No, I don’t believe that Republicans would be willing to impeach/convict Donald Trump

The New Neo Posted on September 7, 2016 by neoSeptember 8, 2016

I often see people claiming that one advantage of Trump is that Congress would have no hesitation to impeach him if he oversteps. (As so often happens, they’re probably using “impeach” to mean “impeach and convict,” but let’s not be too pedantic about it.) But just to be a little pedantic, impeaching without convicting is an exercise in futility, and can have the effect of drawing sympathy for a president rather than decreasing his or her power.

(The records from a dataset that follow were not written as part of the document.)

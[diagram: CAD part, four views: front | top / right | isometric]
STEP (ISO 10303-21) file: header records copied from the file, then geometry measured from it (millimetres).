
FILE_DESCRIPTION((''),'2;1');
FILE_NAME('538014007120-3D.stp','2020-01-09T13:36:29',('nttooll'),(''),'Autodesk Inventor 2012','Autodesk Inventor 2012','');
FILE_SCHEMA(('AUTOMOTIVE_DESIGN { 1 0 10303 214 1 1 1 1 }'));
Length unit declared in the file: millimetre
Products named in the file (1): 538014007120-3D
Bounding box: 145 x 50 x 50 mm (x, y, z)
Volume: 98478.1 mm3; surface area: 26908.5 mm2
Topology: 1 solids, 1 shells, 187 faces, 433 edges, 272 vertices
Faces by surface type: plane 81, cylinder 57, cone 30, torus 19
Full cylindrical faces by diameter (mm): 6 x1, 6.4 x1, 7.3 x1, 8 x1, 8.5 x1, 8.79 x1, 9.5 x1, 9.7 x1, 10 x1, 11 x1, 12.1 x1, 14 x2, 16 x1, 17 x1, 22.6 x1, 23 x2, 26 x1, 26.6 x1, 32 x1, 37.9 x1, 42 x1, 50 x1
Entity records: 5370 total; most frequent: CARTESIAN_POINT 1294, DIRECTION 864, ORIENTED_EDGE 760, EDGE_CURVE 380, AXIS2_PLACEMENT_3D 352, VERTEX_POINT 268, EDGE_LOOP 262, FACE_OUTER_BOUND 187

But the claim that Congress would be an effective check on Trump and not Hillary is advanced so often that I though it worthy of a post. It’s certainly true that Hillary would no more be impeached/convicted than Obama has been; with that, I certainly agree. But I think Trump’s chances of impeachment/conviction if he becomes president and oversteps is the same: that is, just about zero. In fact, I don’t see that Republicans or the press would hold Trump’s feet to the fire in any effective manner.

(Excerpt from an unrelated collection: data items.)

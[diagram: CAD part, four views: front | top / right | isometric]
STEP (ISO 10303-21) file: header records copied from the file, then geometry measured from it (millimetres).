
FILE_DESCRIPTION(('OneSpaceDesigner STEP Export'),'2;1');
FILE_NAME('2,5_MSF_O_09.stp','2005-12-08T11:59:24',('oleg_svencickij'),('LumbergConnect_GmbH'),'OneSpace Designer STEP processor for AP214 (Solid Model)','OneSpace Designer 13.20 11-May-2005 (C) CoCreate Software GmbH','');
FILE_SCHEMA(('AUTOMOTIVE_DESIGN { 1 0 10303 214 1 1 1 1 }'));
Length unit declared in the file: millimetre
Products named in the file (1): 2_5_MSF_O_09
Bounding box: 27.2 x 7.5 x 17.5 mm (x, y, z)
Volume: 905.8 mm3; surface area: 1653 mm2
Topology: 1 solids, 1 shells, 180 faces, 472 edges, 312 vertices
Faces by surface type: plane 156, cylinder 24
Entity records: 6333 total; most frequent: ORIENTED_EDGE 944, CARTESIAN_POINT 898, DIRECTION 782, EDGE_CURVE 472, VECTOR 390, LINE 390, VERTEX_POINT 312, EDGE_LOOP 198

The press will try it to the extent that they do with any and all Republicans, but I don’t see them as being able to do any more than that. Trump is particularly free from the influence of what the press says about him; his support does not depend on it and he has made his way by mocking and reviling the press. Many press members also rather like Trump, because he is good for their business and brings readers. So they tolerate him and in some cases even promote him.

As for Republicans, they have not successfully held Trump’s feet to the fire so far on anything—even in ways they might have, such as uniting to support one main opponent of his, or changing the rules at the convention. And the more power he gains and wields as president, and the more he threatens to damage them if they don’t toe the line, the less likely they are to do that. I’m always surprised at how many people think that the GOP would be willing and able to stand up to a President Trump who has become drunk with his own power and not at all averse to flaunting it and using it to destroy his enemies. In many cases, the same people saying that the GOP would stand up to him are the people who are angry at the GOP because it has been so wimpy and/or so unprincipled in general over the years.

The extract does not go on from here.